WHAT YOU NEED TO DO. Where a line contains "month: June", begin there and restate word for word every line to the end of the entries below, pictures excluded.

** DATASET RECORDS follows **

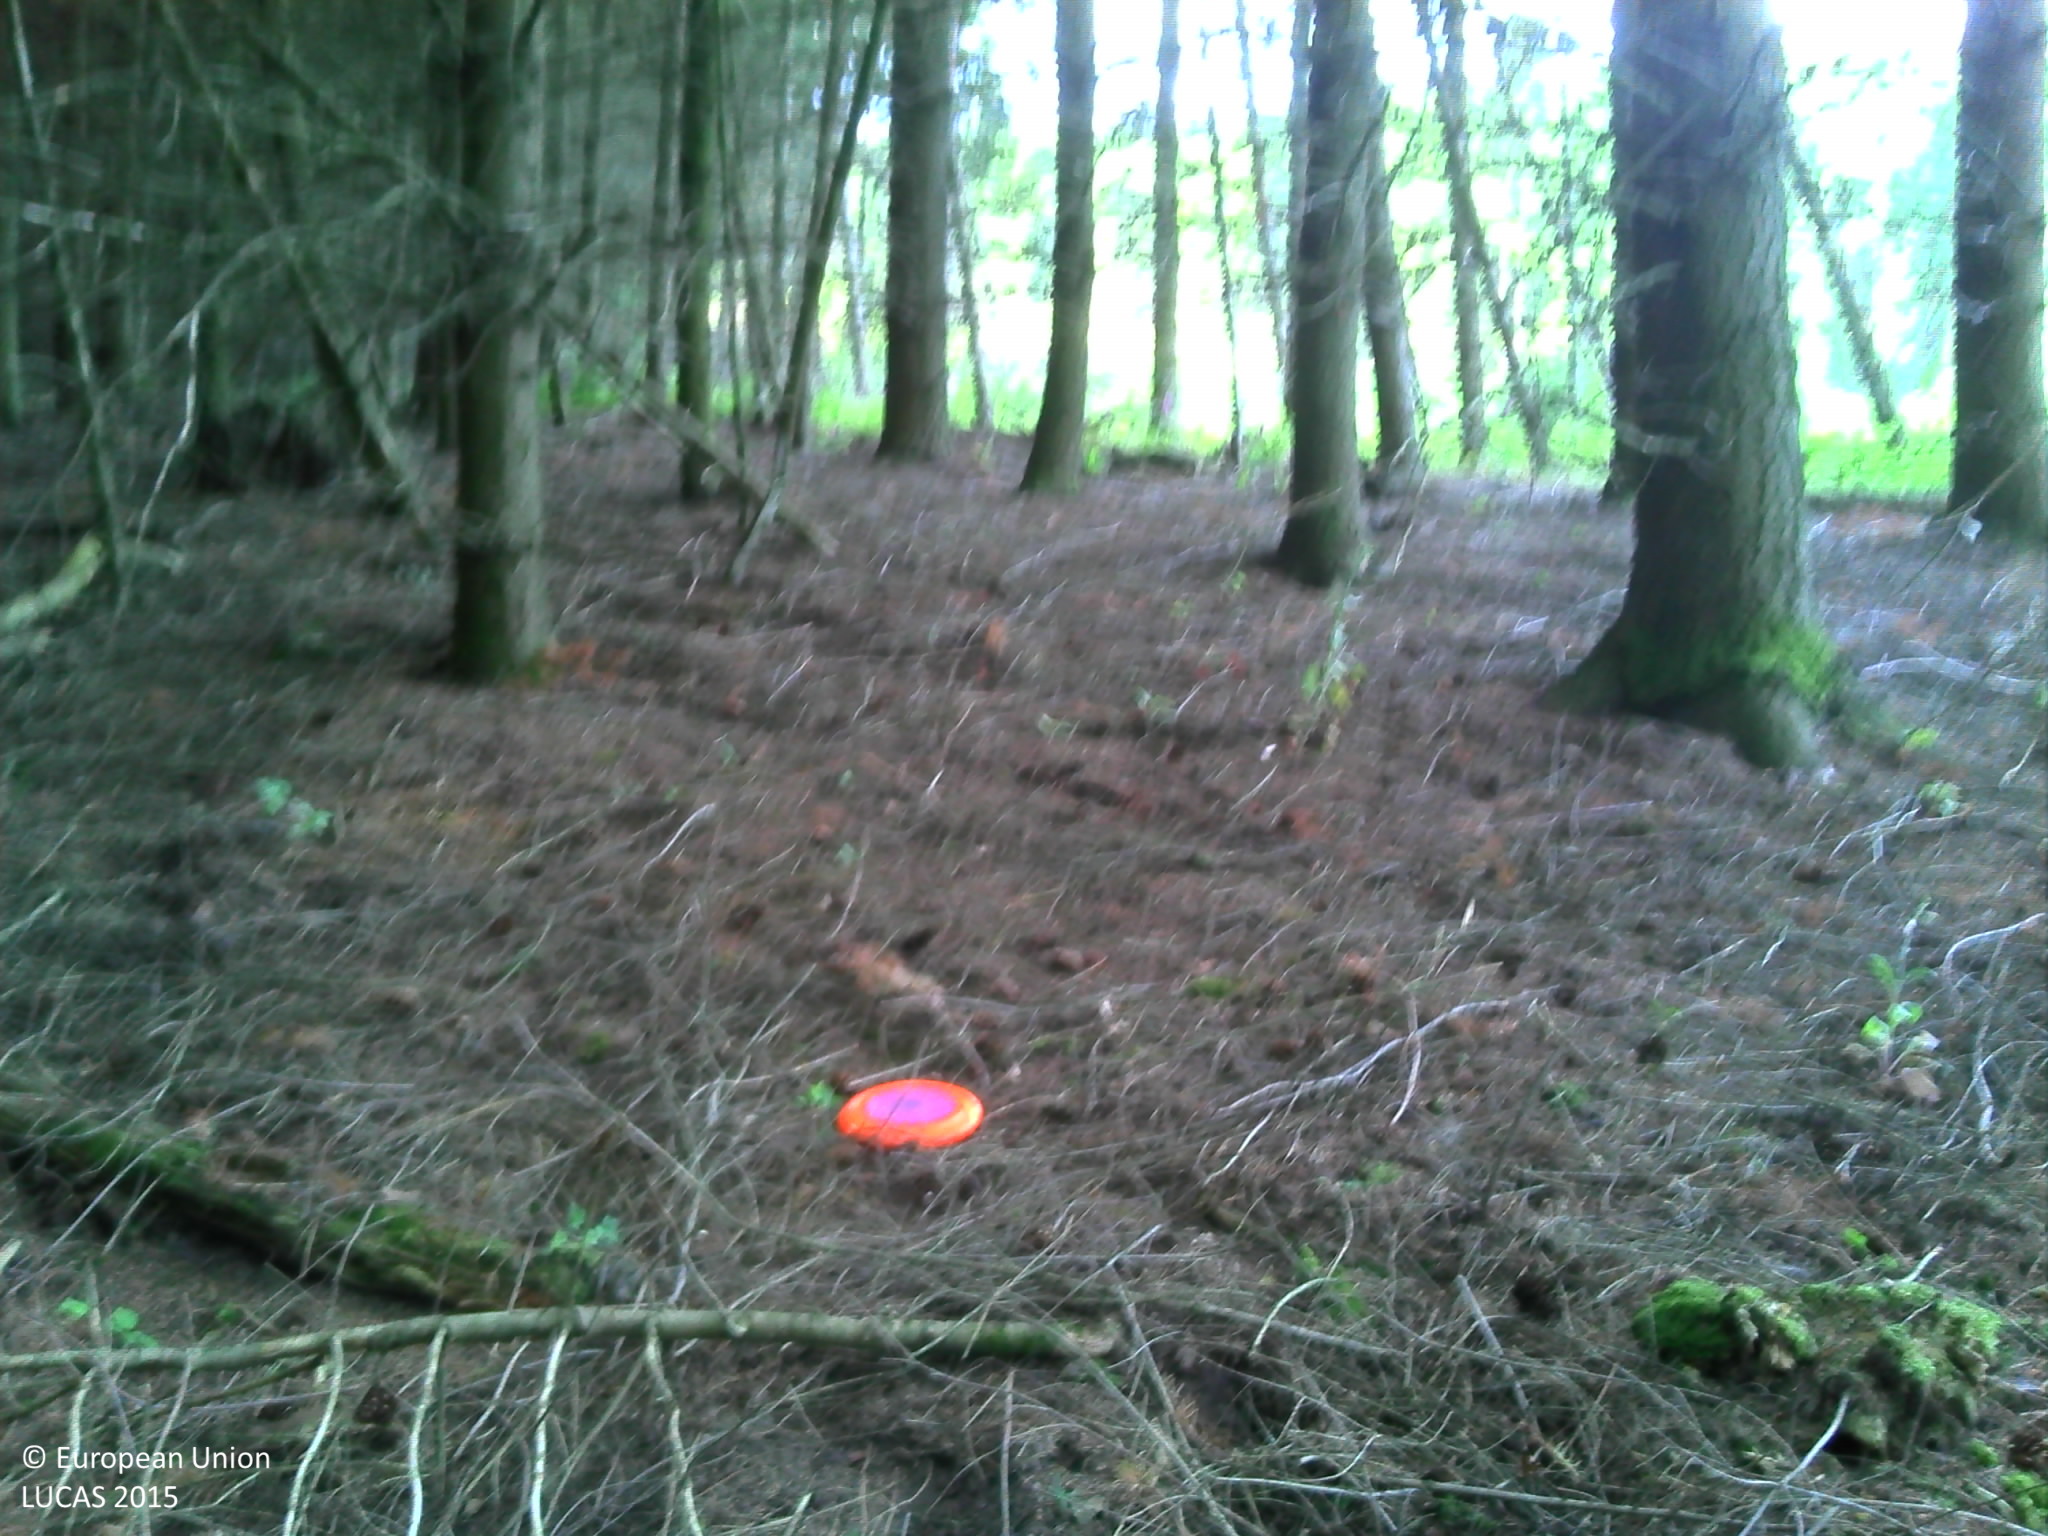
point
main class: Woodland
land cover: Spruce dominated coniferous woodland
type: exotic forest
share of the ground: > 75 %
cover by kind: coniferous forest trees 100 %
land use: Forestry
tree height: > 5 m
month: June
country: FR
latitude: 46.3324
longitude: 4.4287
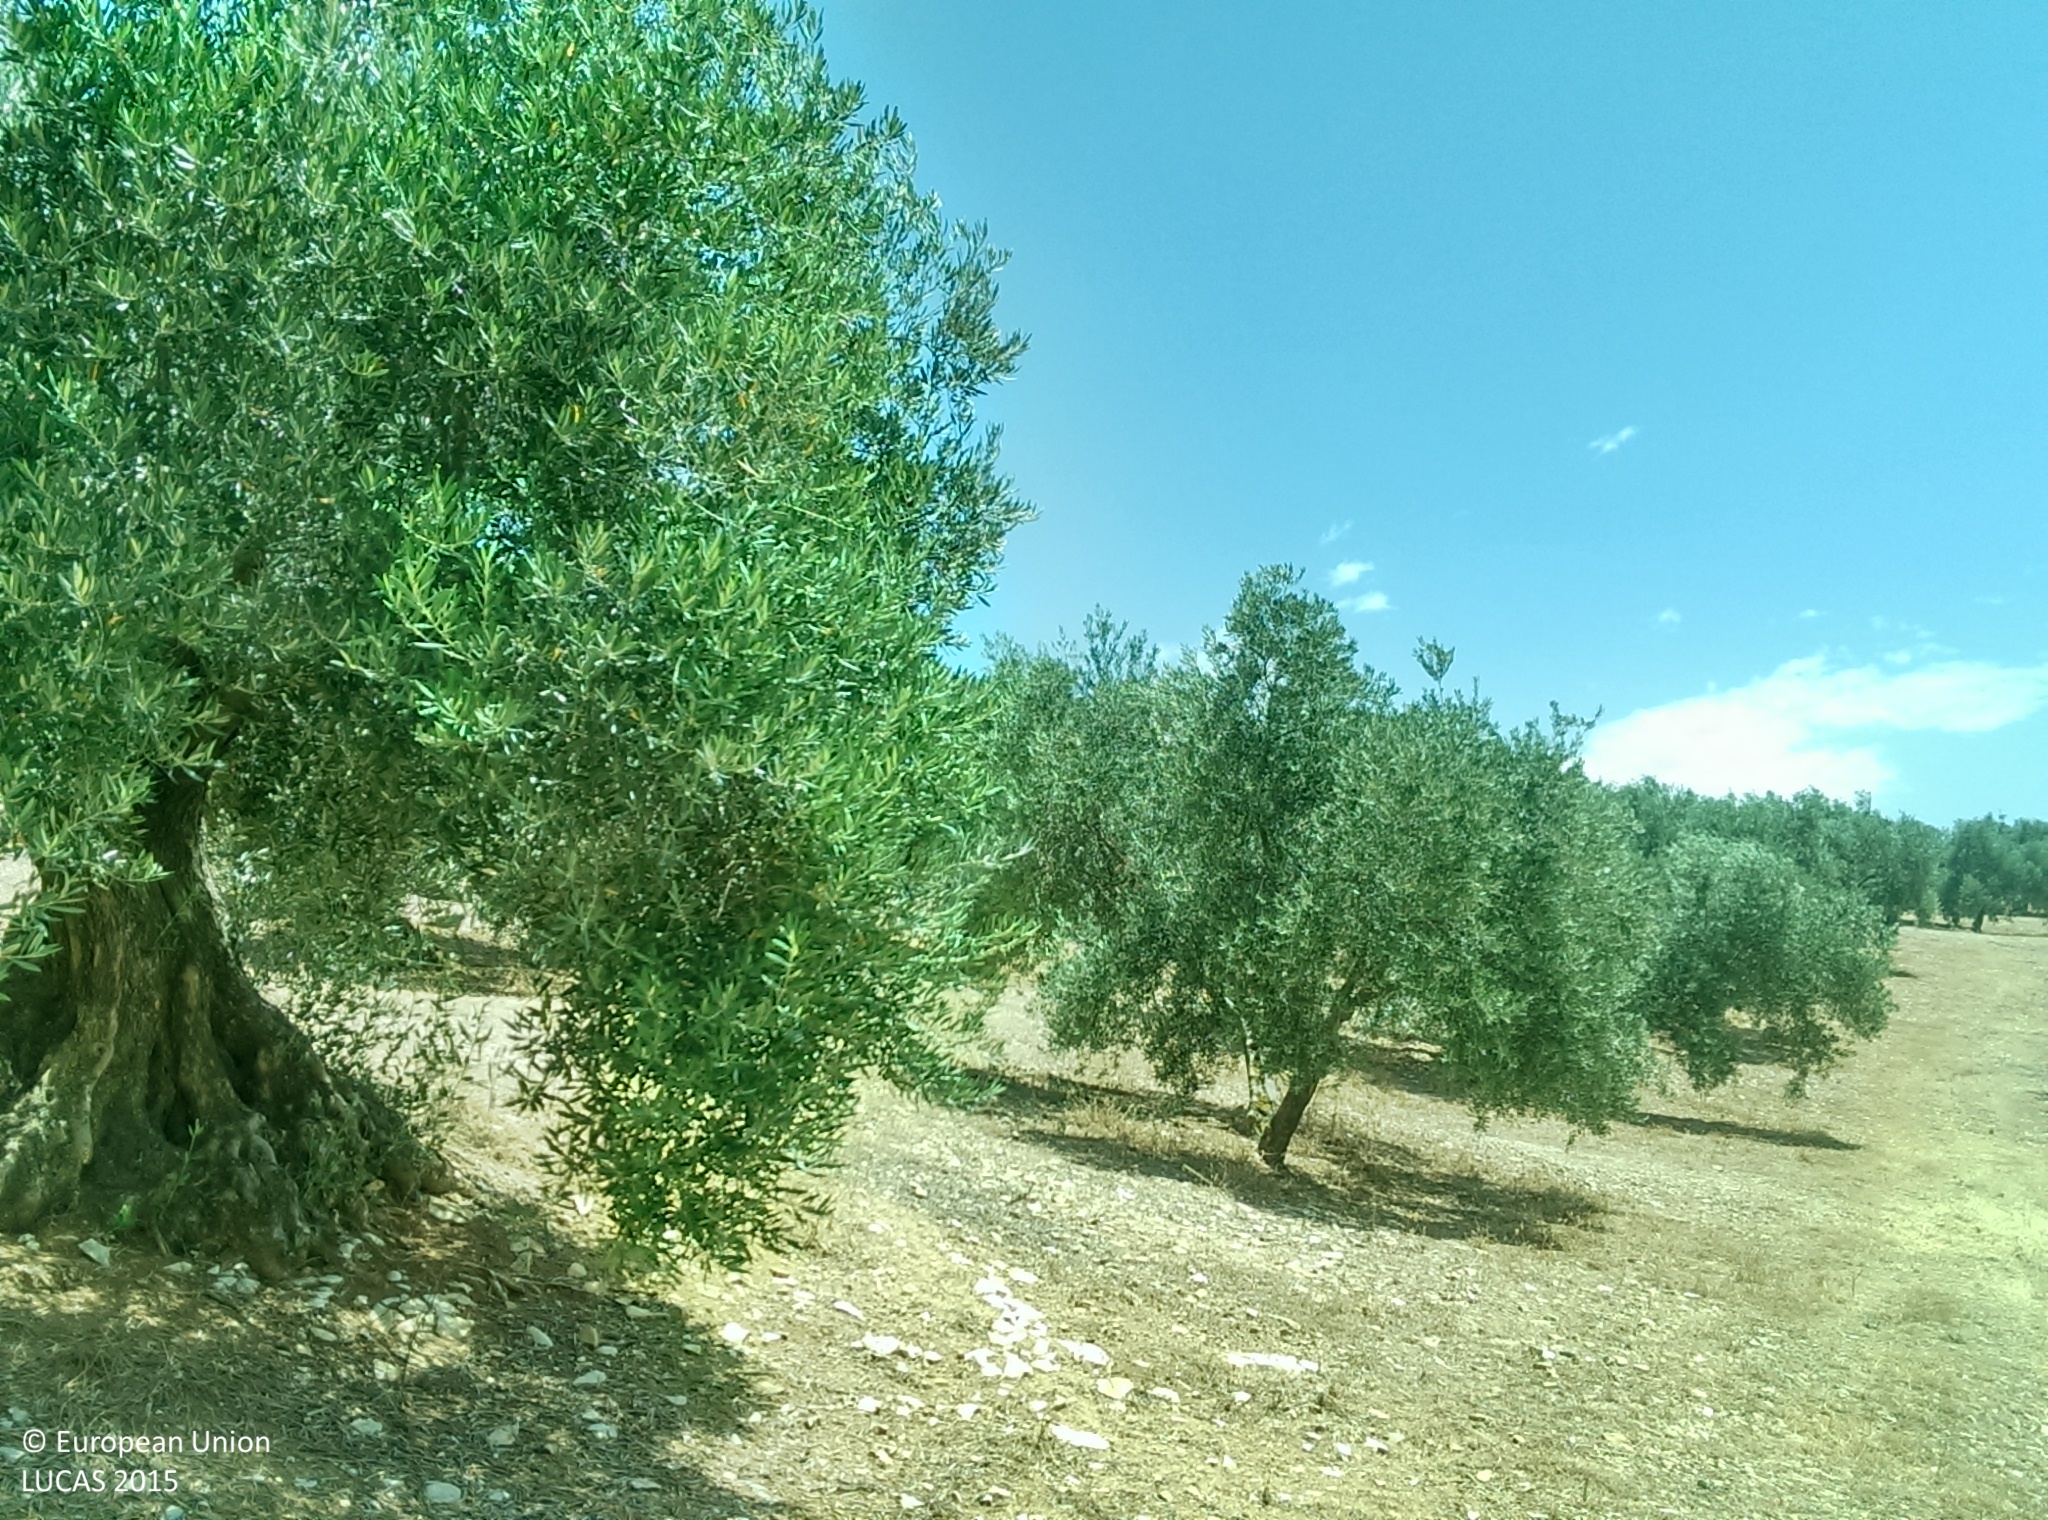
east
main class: Cropland
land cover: Olive groves
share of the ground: 50 - 75 %
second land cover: Spontaneously vegetated surfaces
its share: 10 - 25 %
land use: Agriculture (excluding fallow land and kitchen gardens)
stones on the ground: 10 - 25 %
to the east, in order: Olive groves; Spontaneously vegetated surfaces; Grass margins; Tracks; Shruby margins; Olive groves
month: July
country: ES
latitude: 37.4479
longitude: -3.7060

** End of DATASET RECORDS **

PROBLEM SOLUTION.
month: June
country: FR
latitude: 46.3324
longitude: 4.4287
east
main class: Cropland
land cover: Olive groves
share of the ground: 50 - 75 %
second land cover: Spontaneously vegetated surfaces
its share: 10 - 25 %
land use: Agriculture (excluding fallow land and kitchen gardens)
stones on the ground: 10 - 25 %
to the east, in order: Olive groves; Spontaneously vegetated surfaces; Grass margins; Tracks; Shruby margins; Olive groves
month: July
country: ES
latitude: 37.4479
longitude: -3.7060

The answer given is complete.